# Help with 70's Costume



## Mindcrime (Sep 6, 2004)

Hey, all,

My wife and I have been invited to a 70's themed office Halloween party. Here's the situation. I'm pretty sure it's going to be replete with hippies and disco-goers. Suffice to say, I'm not going out in tie-dye and I look terrible in an afro. Boring. Predictable.

So I'm looking for couples costumes that fit the theme, but are creatively original. I'm thinking along the lines of a 70's movie or TV show, maybe a 70's cartoon, or historical event.

Ideas?


----------



## GobbyGruesome (Sep 14, 2005)

Saturday Night Live was huge in the 70s. Howsabout Mr. Bill or the Coneheads? (I still remember the coneheads halloween skit... "Apple bobbing? Apple bobbing!")


----------



## RCIAG (Jul 19, 2010)

I watched a LOT of TV as a kid, I got ya covered.
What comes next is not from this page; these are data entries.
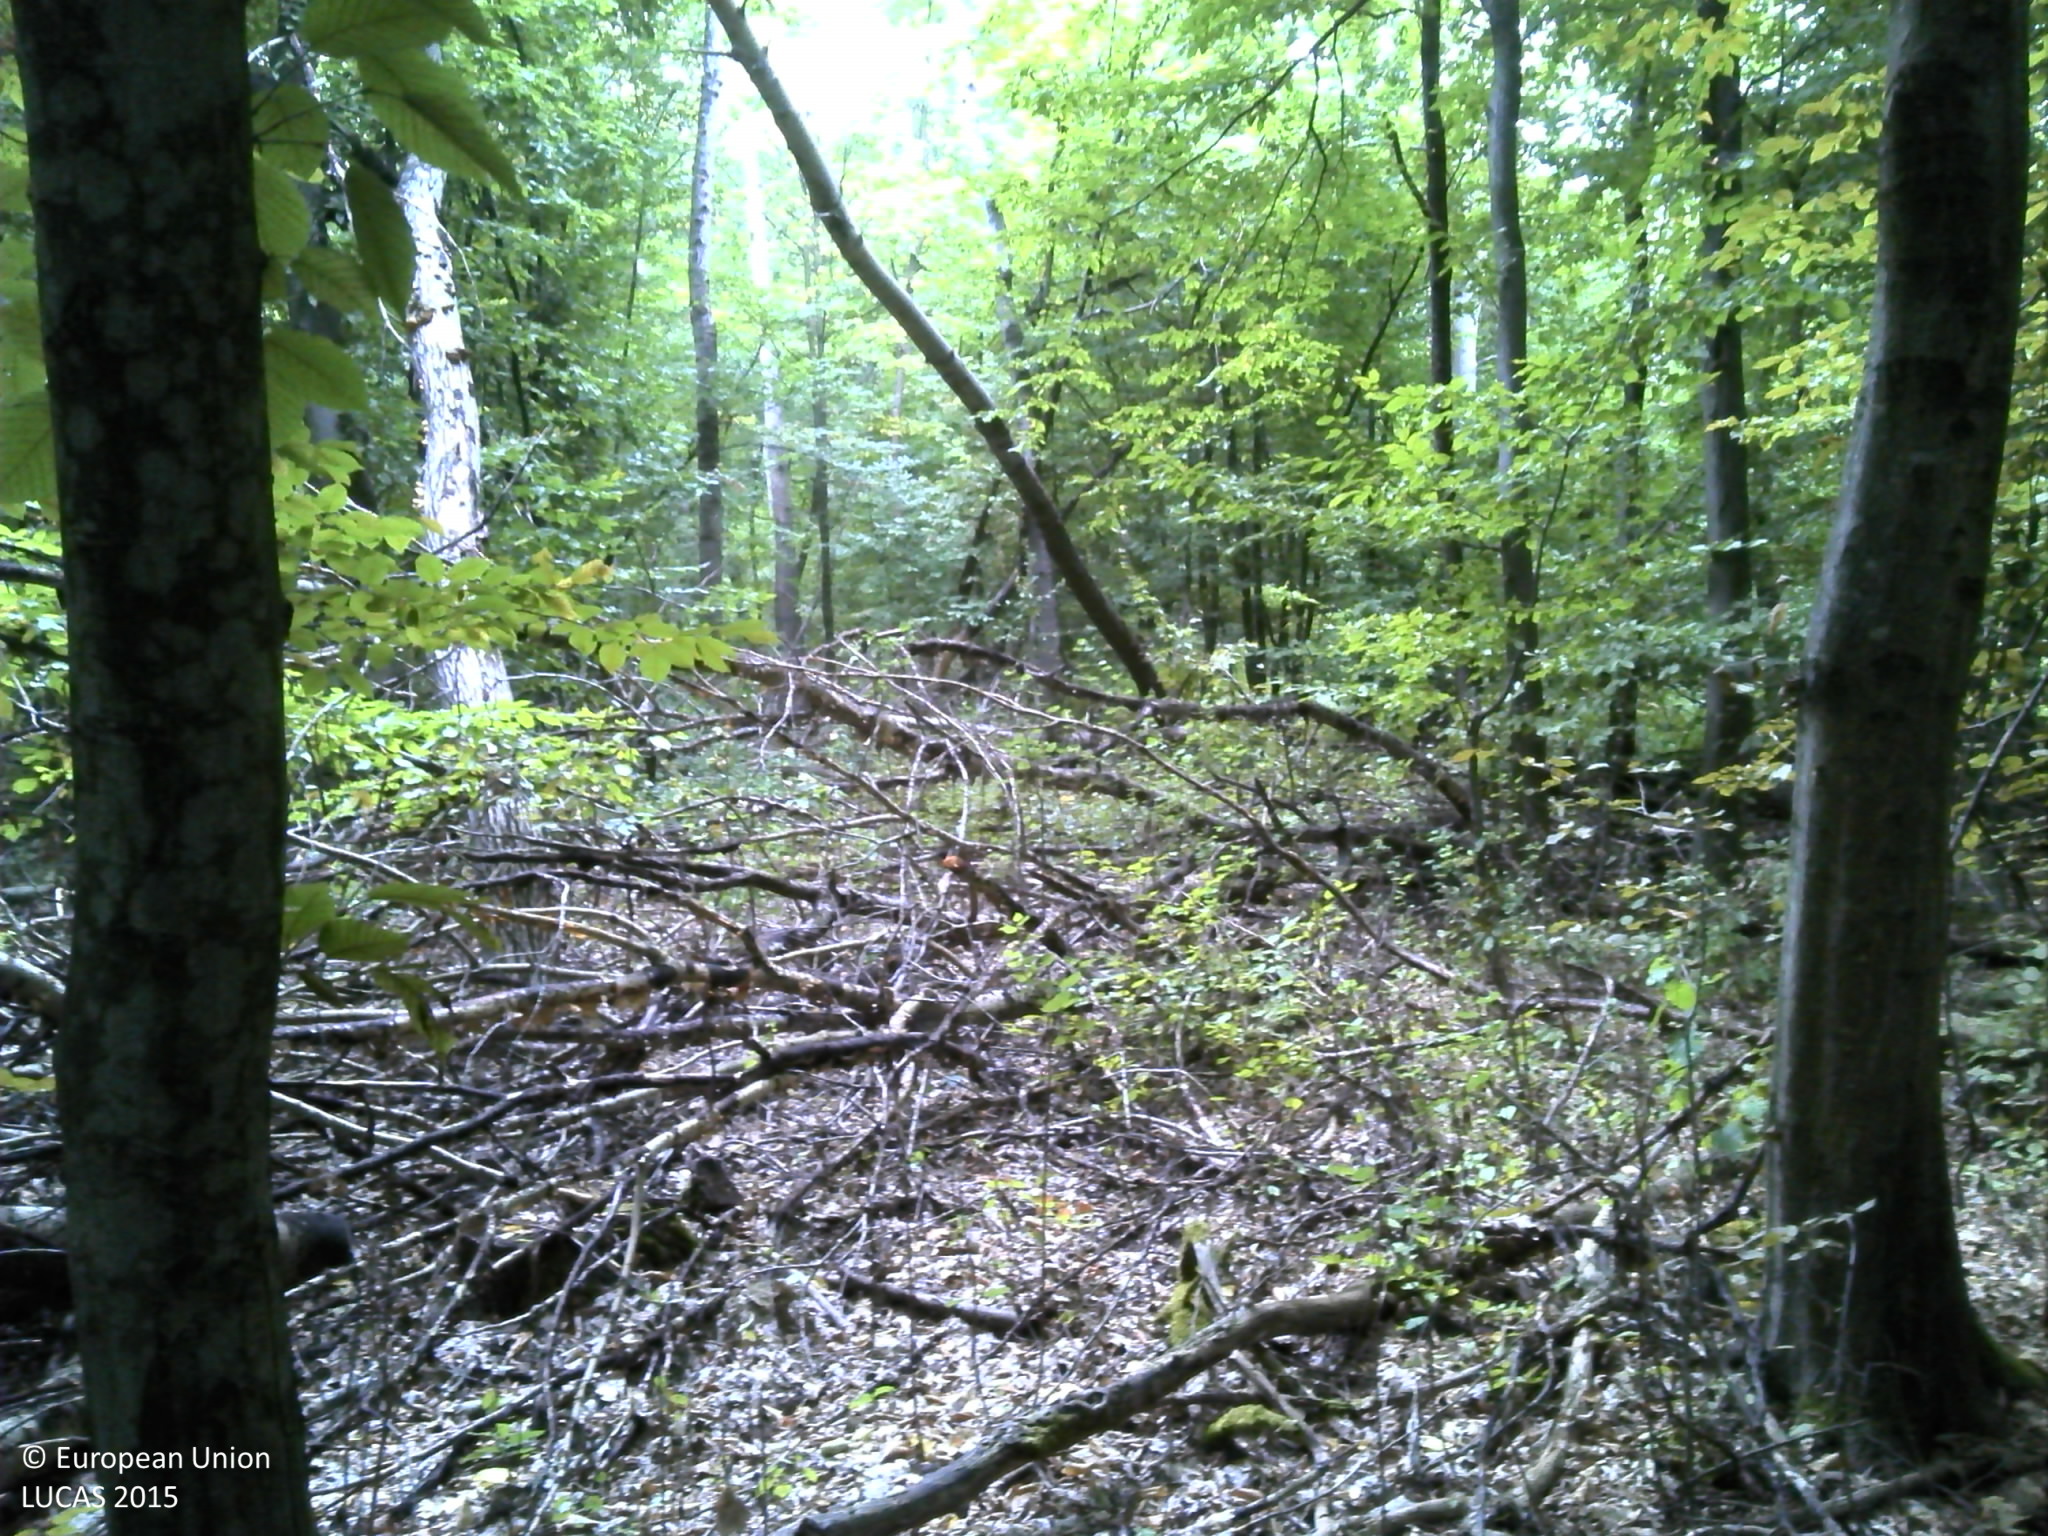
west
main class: Woodland
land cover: Broadleaved woodland
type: acidophilous oak and oak-birch forest
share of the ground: > 75 %
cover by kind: broadleaved forest trees 100 %
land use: Forestry
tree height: > 5 m
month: August
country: HR
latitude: 45.4920
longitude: 17.9754
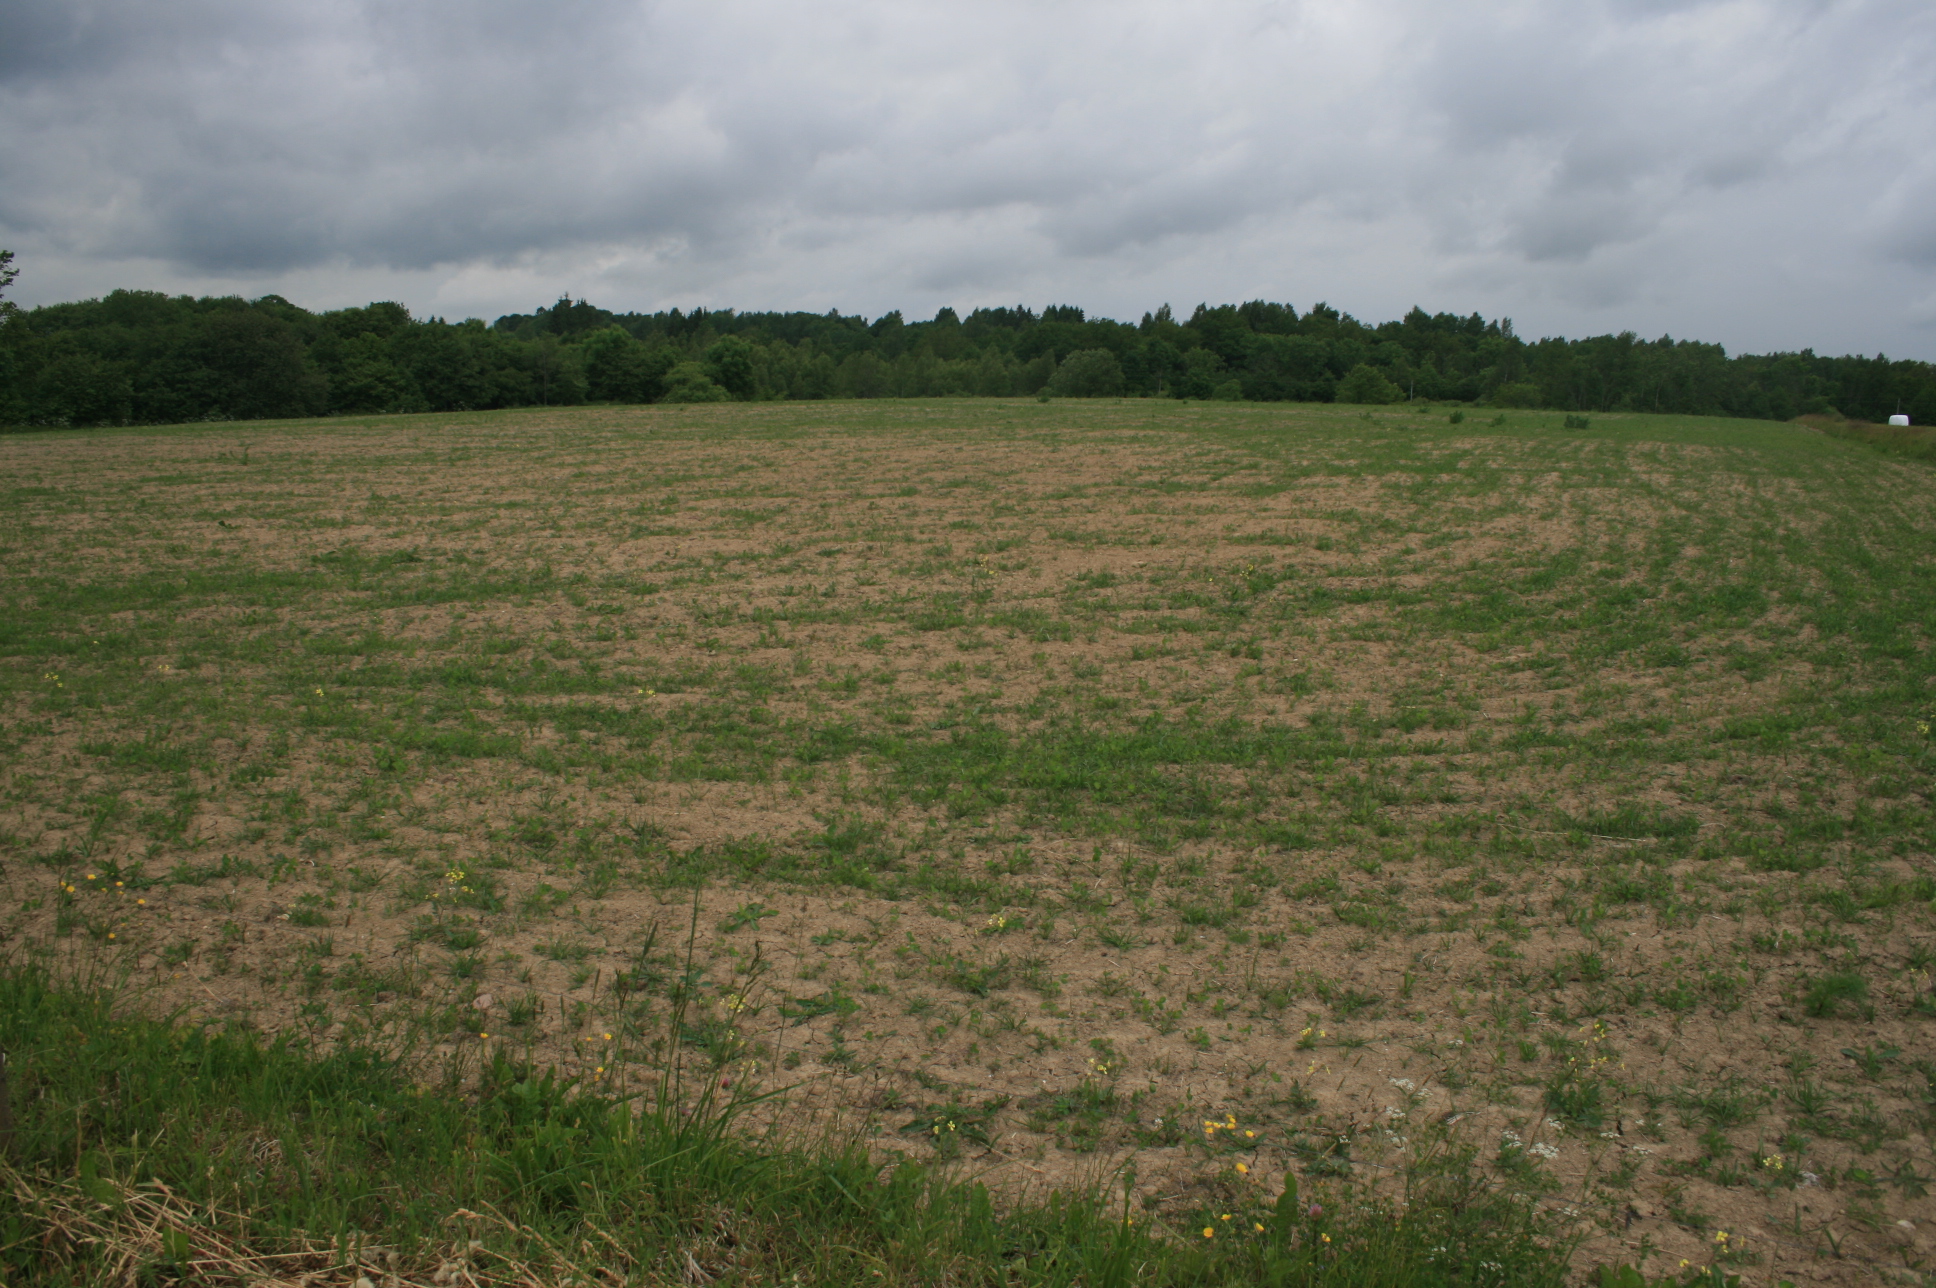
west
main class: Grassland
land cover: Grassland without tree/shrub cover
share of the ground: > 75 %
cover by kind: herbaceous plants 100 %
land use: Agriculture (excluding fallow land and kitchen gardens)
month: June
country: LT
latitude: 55.5848
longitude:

The obvious is Sonny & Cher or The Blues Brothers.

The less obvious:
-Archie & Edith from All In the Family

-Hawkeye & Margaret from MASH

-El Kabong or Quickdraw McGraw & Baba Louie or any of those Hanna Barbara charachter pairs

-Lee Majors as the Six Million Dollar Man & Farrah Fawcett

-Dolly Parton & Porter Wagoner or Kenny Rogers (though Kenny may have been with her in the 80s)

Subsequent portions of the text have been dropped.